Crisply spoken, Kaplan has little time for Israelis — she says many of them drove her crazy in Nairobi, “expecting me to do things for Israeli children. I said, no, why should I? If I’m going to do anything, it will be for African children”. And she also gives short shrift to any kind of “Jewish solidarity”, noting that the only time she had trouble as a young single woman travelling alone was in Morocco, from two Jewish jewellers.
Almost always, she chose not to discuss the fact that she is Jewish, particularly in Arab countries, but she found warm welcomes wherever she went. Kaplan’s magpie existence and a natural talent for languages has made her pick up Arabic, Swahili — a must in east Africa, she says, revealing that she even talks to her cat in Swahili — morsels of Farsi and of course European languages such as Portuguese and French. “When I travelled, I learned stock phrases for everywhere I went, from ‘where is the bathroom?’ to ‘where is the bus?’”
Author of many photojournalism books, including one about Portugal and another about Arab dhows, she has a long client list from National Geographic to the Reader’s Digest, the Guardian and the Observer.
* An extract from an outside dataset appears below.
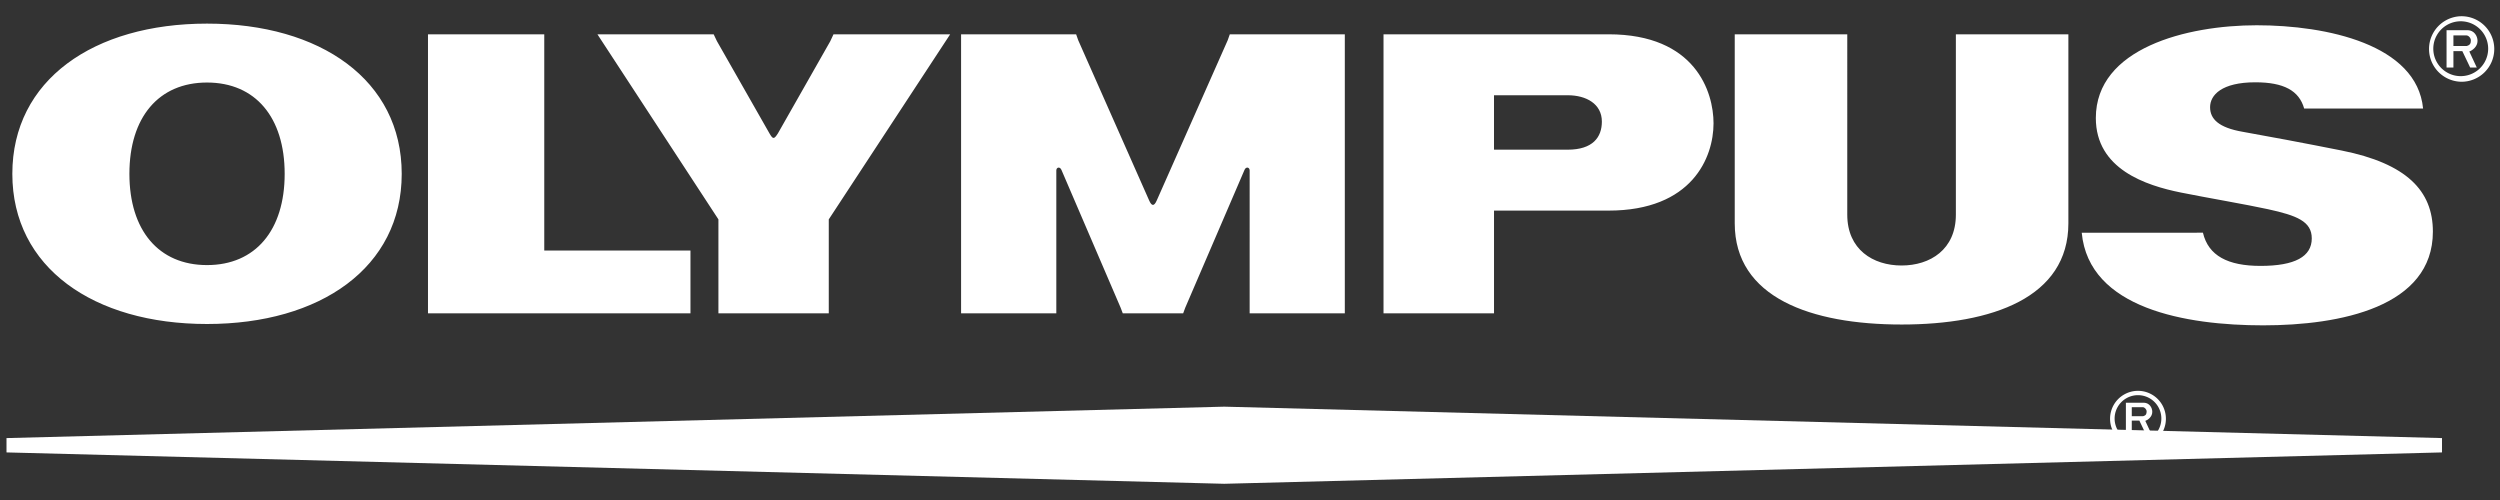 <svg xmlns="http://www.w3.org/2000/svg" width="150" height="30" fill="none"><rect width="100%" height="100%" fill="#333333" stroke="none"/><path fill="#fff" d="M128.65 24.164c.304.014.487.281.487.55 0 .3-.274.49-.419.539l.382.822h-.338l-.401-.84h-.455v.84h-.353v-1.911h1.097zm-.744.807h.682c.187-.052.204-.15.21-.277.004-.123-.114-.263-.234-.263h-.658v.54z"/><path fill="#fff" d="M128.279 26.8c.927 0 1.675-.75 1.675-1.675a1.674 1.674 0 1 0-3.35 0c0 .925.75 1.675 1.675 1.675zm-1.402-1.688a1.401 1.401 0 1 1 2.804 0 1.402 1.402 0 1 1-2.804 0z"/><path fill="#fff" d="m.39 27.145 73.064 1.882 73.066-1.882v-.86L73.454 24.4.39 26.285v.86zM25.68 2.058h6.976V15.03h8.772v3.77H25.679V2.057zm88.414 17.413c-5.437 0-10.01-1.618-10.01-6.074V2.058h6.752V12.88c0 2.094 1.548 3.05 3.258 3.05 1.712 0 3.258-.956 3.258-3.05V2.058h6.751v11.339c0 4.456-4.571 6.074-10.009 6.074zM138.249 6.51h7.136c-.374-3.846-5.787-4.994-9.981-4.994-4.192 0-9.654 1.371-9.654 5.566 0 3.065 2.998 4.045 5.102 4.47 1.493.302 3.981.726 5.226 1 1.732.379 2.628.731 2.628 1.752 0 1.091-1.007 1.65-3.074 1.65-1.96 0-3.131-.61-3.456-1.992l-7.272.001c.427 4.561 6.271 5.558 10.883 5.558 4.64 0 10.186-1.104 10.186-5.624 0-2.454-1.581-4.087-5.472-4.865-2.036-.407-4.86-.938-5.945-1.125-1.438-.25-1.951-.769-1.951-1.475 0-.73.698-1.494 2.715-1.494 1.704 0 2.625.497 2.929 1.571zM96.51 12.636c5.023 0 6.302-3.195 6.302-5.237 0-1.879-1.081-5.341-6.296-5.341H83.011v16.741h6.63v-6.163h6.869zM89.64 8.98V5.715h4.426c1.103 0 2.046.515 2.046 1.58 0 .937-.542 1.686-2.054 1.686H89.64zM49.82 2.466l.19-.408h7l-7.284 11.105v5.636h-6.621v-5.636l-7.26-11.105h6.975l.194.408 3.157 5.543c.208.356.27.356.5 0l3.15-5.543zM70.99 18.8l.123-.334 3.557-8.271c.091-.217.306-.16.309.031V18.8h5.71V2.058h-6.901l-.127.36-4.254 9.604c-.157.364-.303.362-.46 0l-4.252-9.604-.127-.36h-6.903v16.741h5.714v-8.572c0-.191.215-.25.308-.032l3.553 8.271.126.333h3.624zm-46.887-8.37c0 5.624-4.878 9.01-11.682 9.01C5.619 19.44.74 16.055.74 10.43c0-5.628 4.878-9.013 11.681-9.013 6.804 0 11.682 3.385 11.682 9.013zm-7.023 0c0-3.387-1.753-5.478-4.659-5.478-2.906 0-4.657 2.09-4.657 5.478 0 3.385 1.75 5.475 4.657 5.475 2.906 0 4.659-2.09 4.659-5.475zm130.999-8.619c.357.016.573.331.573.645 0 .353-.322.577-.493.634l.449.964h-.397l-.471-.985h-.535v.985h-.412V1.811h1.286zm-.874.948h.801c.219-.062.24-.177.246-.325.006-.145-.133-.31-.273-.31h-.774v.635z"/><path fill="#fff" d="M147.644 4.905a1.966 1.966 0 1 0 .003-3.931 1.966 1.966 0 0 0-.003 3.93zm-1.646-1.98a1.646 1.646 0 1 1 3.292-.004 1.646 1.646 0 0 1-3.292.003z"/></svg>

She claims she is slowing down, though it sounds unlikely. “I was never athletic except for being able to run with my cameras, that was always important. But age does catch up. I’m grateful to be mentally agile because I still need to write and talk and meet people — and I don’t have to run much these days.”
She is full of wonderful stories about the places she has visited, including one classic tale about being ready for any occasion — turning up for a job in regular photographer’s gear but having a slinky dress and a pair of high heels to hand, just in case. “Ah, yes”, she pounces, “that was during the Congo mercenaries. They were just awful people, but they were a story. I had to get my film out but it was across a dangerous border”. The resourceful Kaplan changed into dress and heels and walked across the border. “Nobody stopped me, they just stared”.
And Kaplan, as is evidenced from some of the early photos in the book which feature her, has one ironclad rule for getting a good picture of people. “Always smile.When you’re trying to get the picture, they won’t shoot you if you smile. And here I am, still, to tell the tale”.